-- Opening Marker --

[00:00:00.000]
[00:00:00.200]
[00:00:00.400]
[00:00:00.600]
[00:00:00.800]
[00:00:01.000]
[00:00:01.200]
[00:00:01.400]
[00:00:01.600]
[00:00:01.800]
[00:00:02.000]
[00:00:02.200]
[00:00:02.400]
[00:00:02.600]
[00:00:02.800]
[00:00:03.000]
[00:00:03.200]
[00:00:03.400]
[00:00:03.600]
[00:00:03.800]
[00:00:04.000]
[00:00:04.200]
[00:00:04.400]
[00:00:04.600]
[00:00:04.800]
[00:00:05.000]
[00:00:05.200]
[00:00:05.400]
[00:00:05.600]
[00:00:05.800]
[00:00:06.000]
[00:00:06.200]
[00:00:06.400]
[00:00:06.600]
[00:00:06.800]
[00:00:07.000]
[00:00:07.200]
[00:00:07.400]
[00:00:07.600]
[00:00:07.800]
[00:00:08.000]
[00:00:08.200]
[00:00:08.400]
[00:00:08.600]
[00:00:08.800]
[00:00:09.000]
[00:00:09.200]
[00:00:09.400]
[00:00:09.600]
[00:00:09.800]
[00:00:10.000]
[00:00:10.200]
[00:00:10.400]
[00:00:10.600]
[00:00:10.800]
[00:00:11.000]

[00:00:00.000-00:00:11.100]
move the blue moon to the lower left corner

-- Closing Marker --
-- Opening Marker --

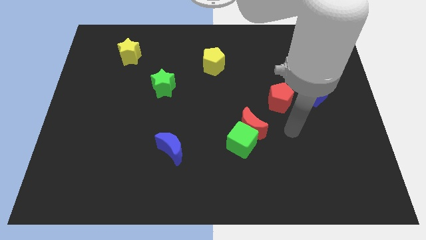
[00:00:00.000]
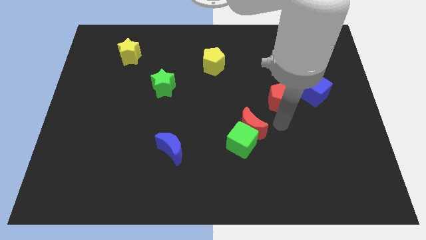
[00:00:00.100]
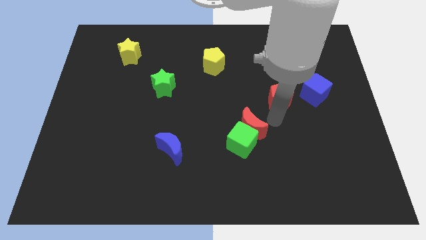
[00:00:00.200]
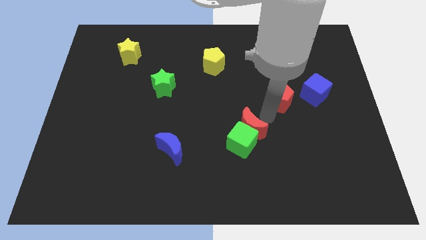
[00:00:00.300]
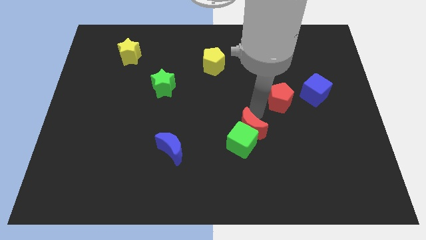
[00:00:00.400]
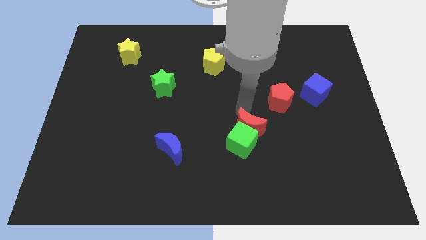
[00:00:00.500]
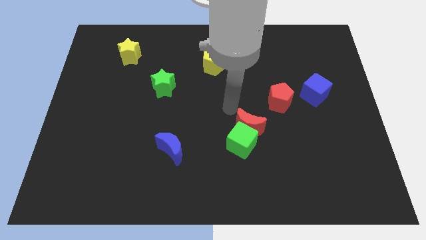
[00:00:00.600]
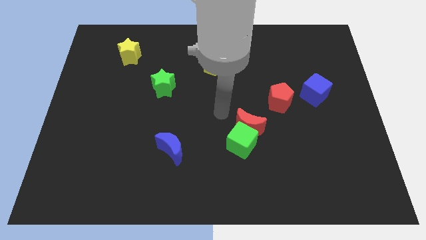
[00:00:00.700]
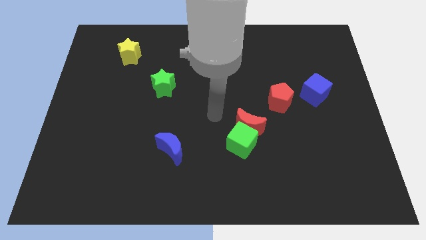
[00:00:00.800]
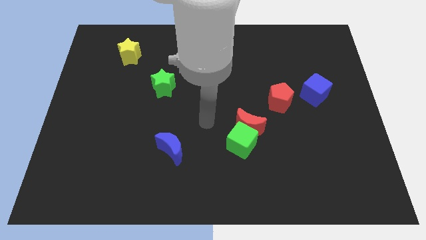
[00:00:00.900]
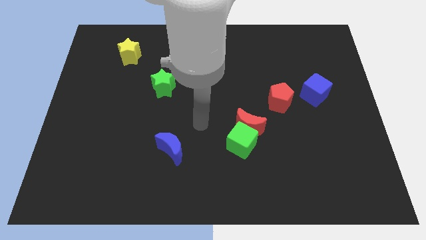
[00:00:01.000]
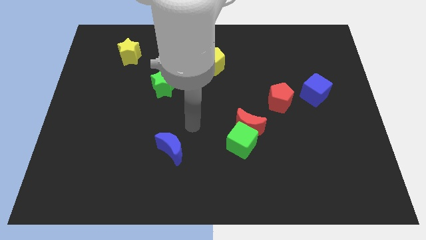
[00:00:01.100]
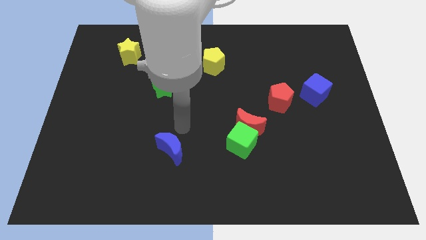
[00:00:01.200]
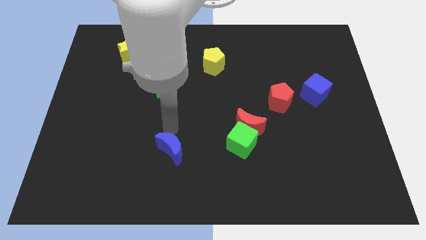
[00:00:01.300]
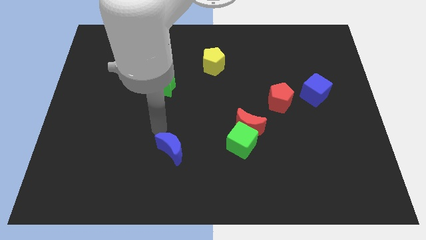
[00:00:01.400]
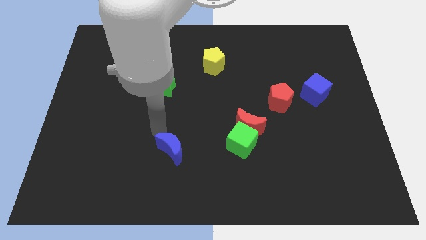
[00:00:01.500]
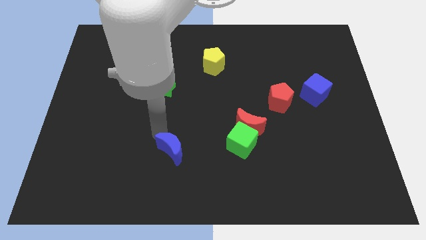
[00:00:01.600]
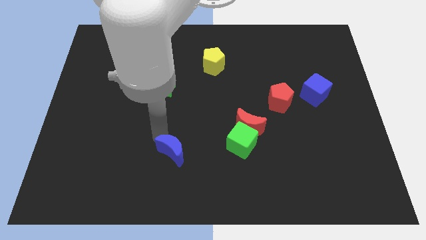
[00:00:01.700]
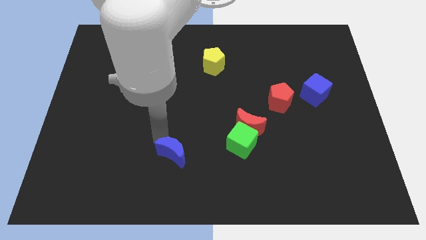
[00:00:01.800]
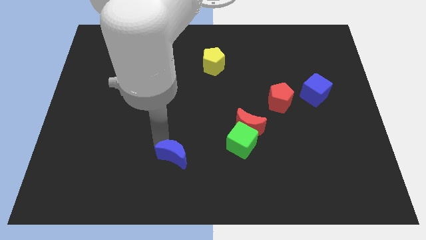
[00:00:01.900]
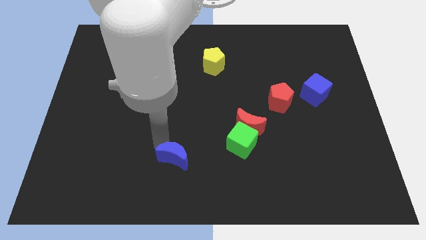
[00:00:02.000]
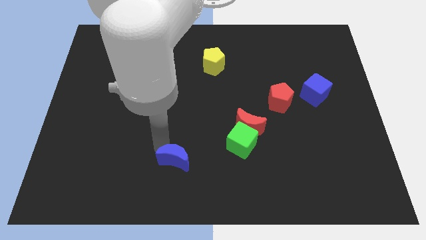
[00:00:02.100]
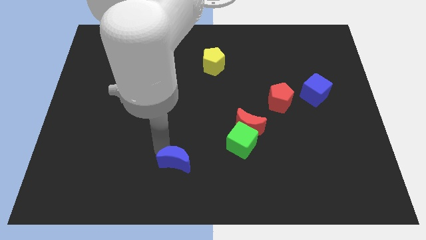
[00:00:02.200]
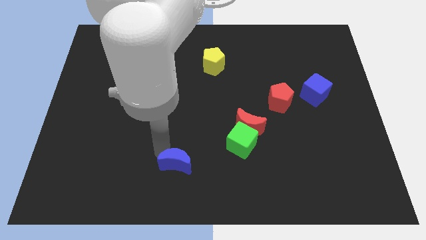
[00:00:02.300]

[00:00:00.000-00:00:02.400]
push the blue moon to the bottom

-- Closing Marker --

**Task brief**
Working from the material above, retype exactly the lines from the one with "[00:00:05.400]" through the one with "[00:00:08.800]", both included, and only those lines.

**Answer for this exercise**
[00:00:05.400]
[00:00:05.600]
[00:00:05.800]
[00:00:06.000]
[00:00:06.200]
[00:00:06.400]
[00:00:06.600]
[00:00:06.800]
[00:00:07.000]
[00:00:07.200]
[00:00:07.400]
[00:00:07.600]
[00:00:07.800]
[00:00:08.000]
[00:00:08.200]
[00:00:08.400]
[00:00:08.600]
[00:00:08.800]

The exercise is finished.